─── SOURCE MATERIAL

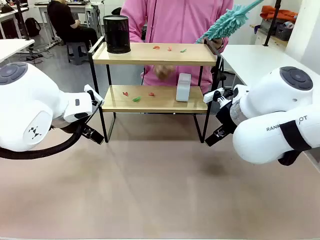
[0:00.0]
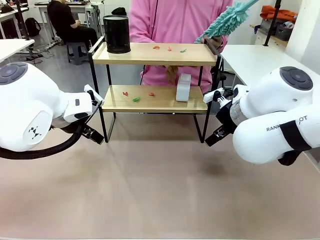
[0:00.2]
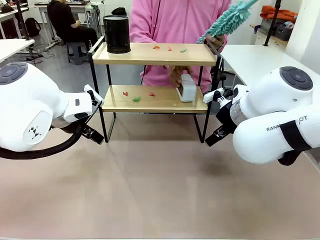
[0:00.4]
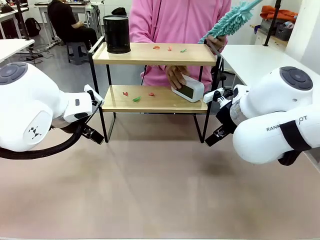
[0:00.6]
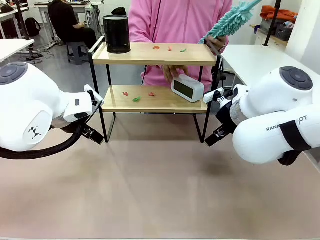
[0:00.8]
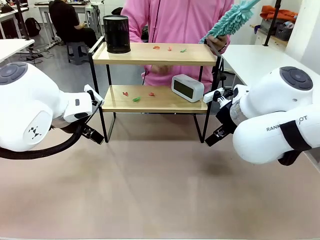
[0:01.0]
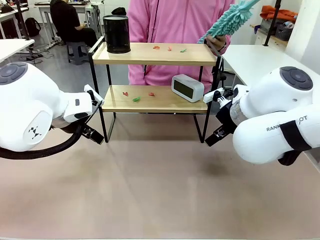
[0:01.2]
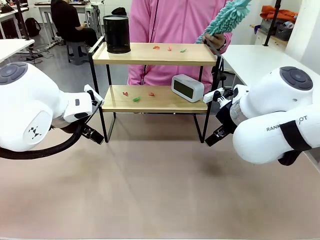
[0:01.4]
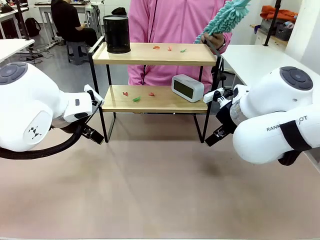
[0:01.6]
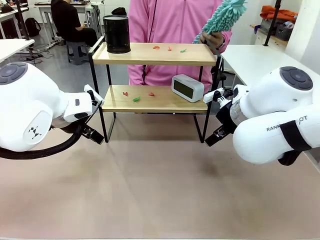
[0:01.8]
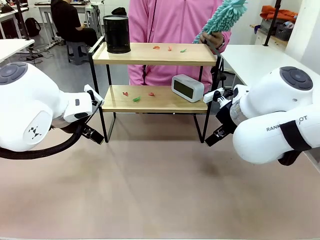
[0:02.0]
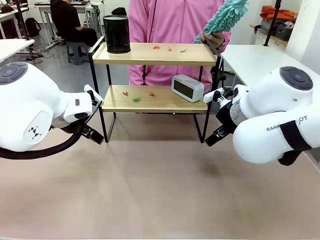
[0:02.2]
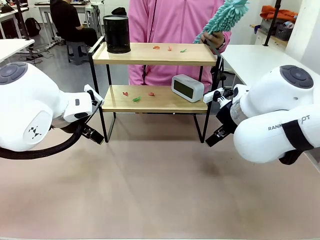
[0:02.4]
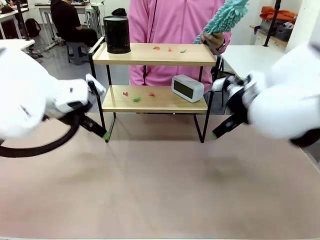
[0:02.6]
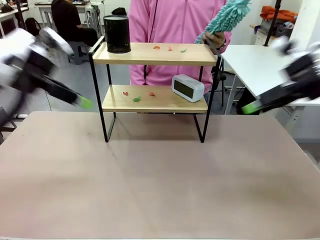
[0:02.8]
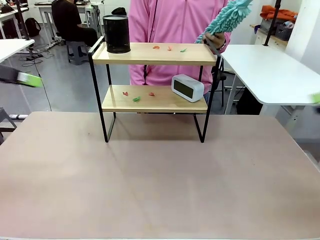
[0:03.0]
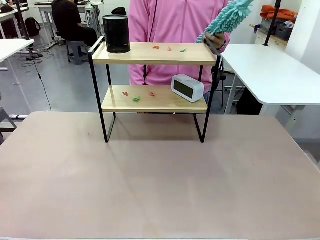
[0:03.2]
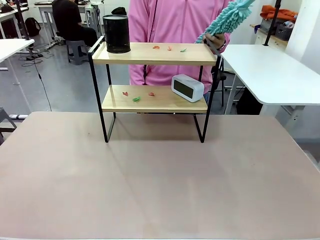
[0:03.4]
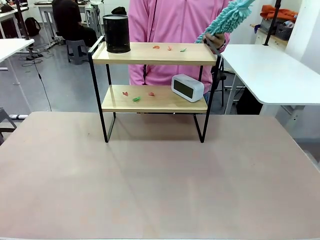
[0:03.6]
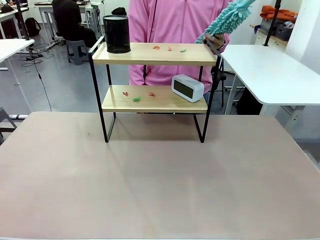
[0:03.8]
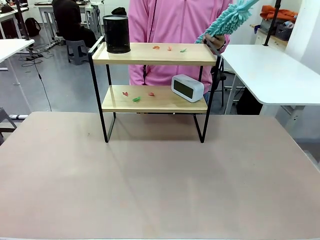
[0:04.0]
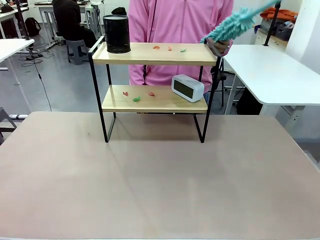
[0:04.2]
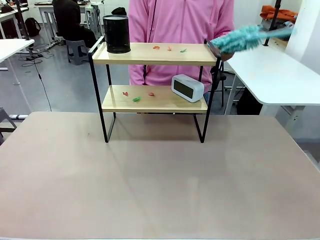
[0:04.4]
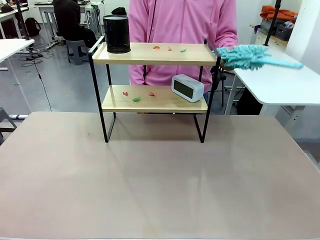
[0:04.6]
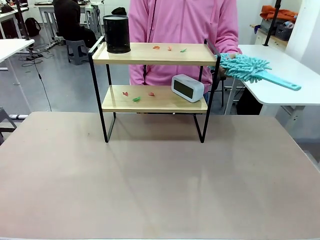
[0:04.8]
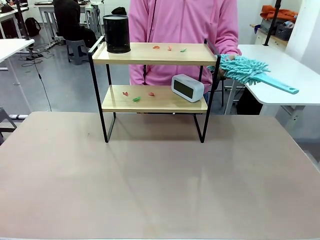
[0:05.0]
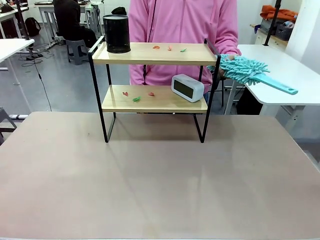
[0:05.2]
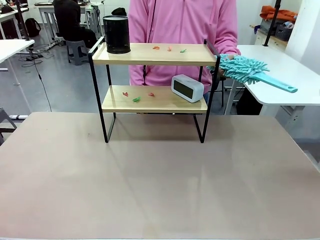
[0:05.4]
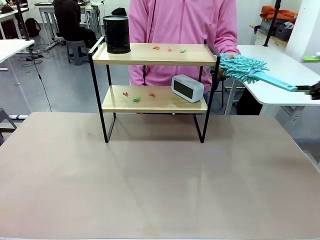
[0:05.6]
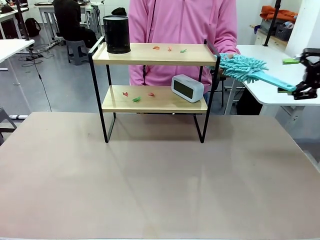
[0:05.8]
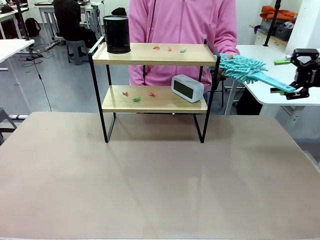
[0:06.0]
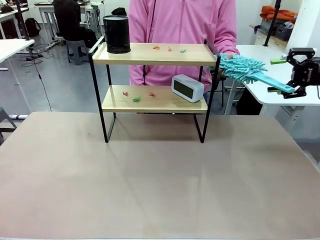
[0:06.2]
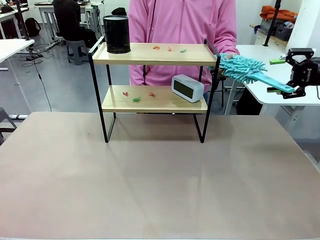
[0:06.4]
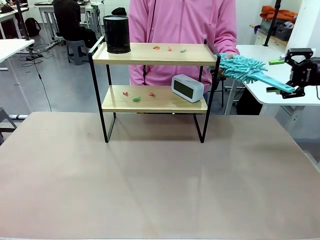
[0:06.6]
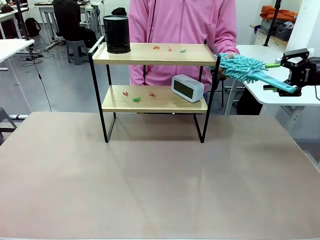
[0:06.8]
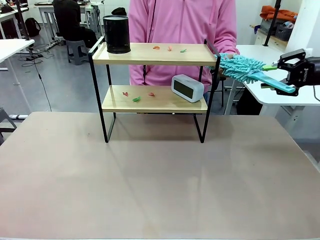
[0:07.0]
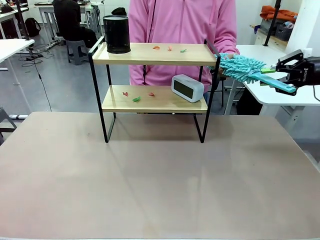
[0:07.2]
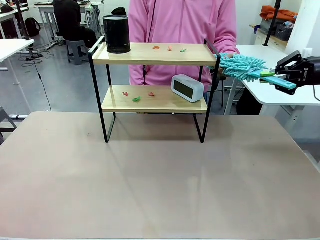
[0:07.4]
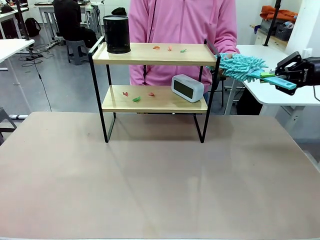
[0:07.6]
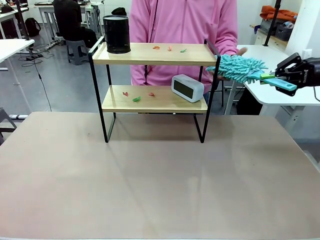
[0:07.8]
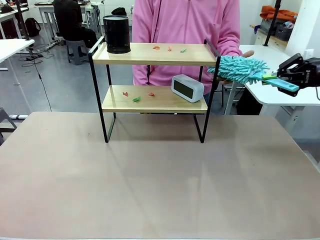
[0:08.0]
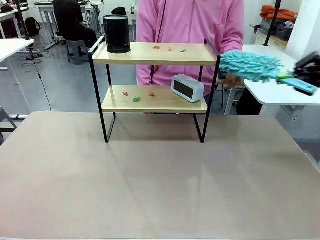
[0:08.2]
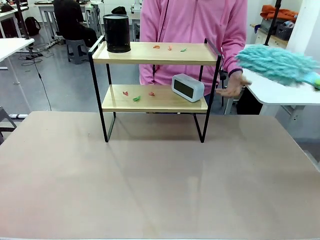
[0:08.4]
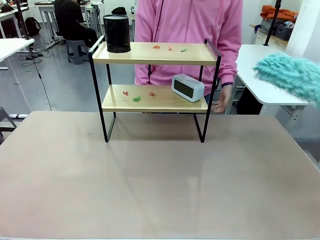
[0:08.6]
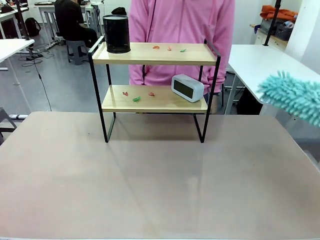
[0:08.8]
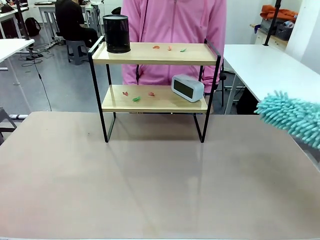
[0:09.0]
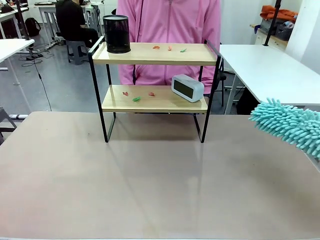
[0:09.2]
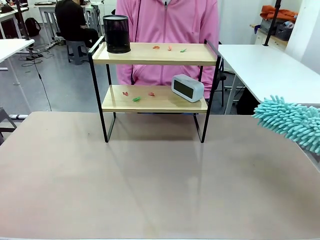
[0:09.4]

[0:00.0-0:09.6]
Task: Clean the shelf.
Robot: Pick up the Duster from the human.
Person: Hand the Duster to the robot.

──────

EXERCISE — Although the records above contain pictures, only their text is to be repeated, exactly as given.

RESULT OF THE EXERCISE —
[0:00.0]
[0:00.2]
[0:00.4]
[0:00.6]
[0:00.8]
[0:01.0]
[0:01.2]
[0:01.4]
[0:01.6]
[0:01.8]
[0:02.0]
[0:02.2]
[0:02.4]
[0:02.6]
[0:02.8]
[0:03.0]
[0:03.2]
[0:03.4]
[0:03.6]
[0:03.8]
[0:04.0]
[0:04.2]
[0:04.4]
[0:04.6]
[0:04.8]
[0:05.0]
[0:05.2]
[0:05.4]
[0:05.6]
[0:05.8]
[0:06.0]
[0:06.2]
[0:06.4]
[0:06.6]
[0:06.8]
[0:07.0]
[0:07.2]
[0:07.4]
[0:07.6]
[0:07.8]
[0:08.0]
[0:08.2]
[0:08.4]
[0:08.6]
[0:08.8]
[0:09.0]
[0:09.2]
[0:09.4]

[0:00.0-0:09.6]
Task: Clean the shelf.
Robot: Pick up the Duster from the human.
Person: Hand the Duster to the robot.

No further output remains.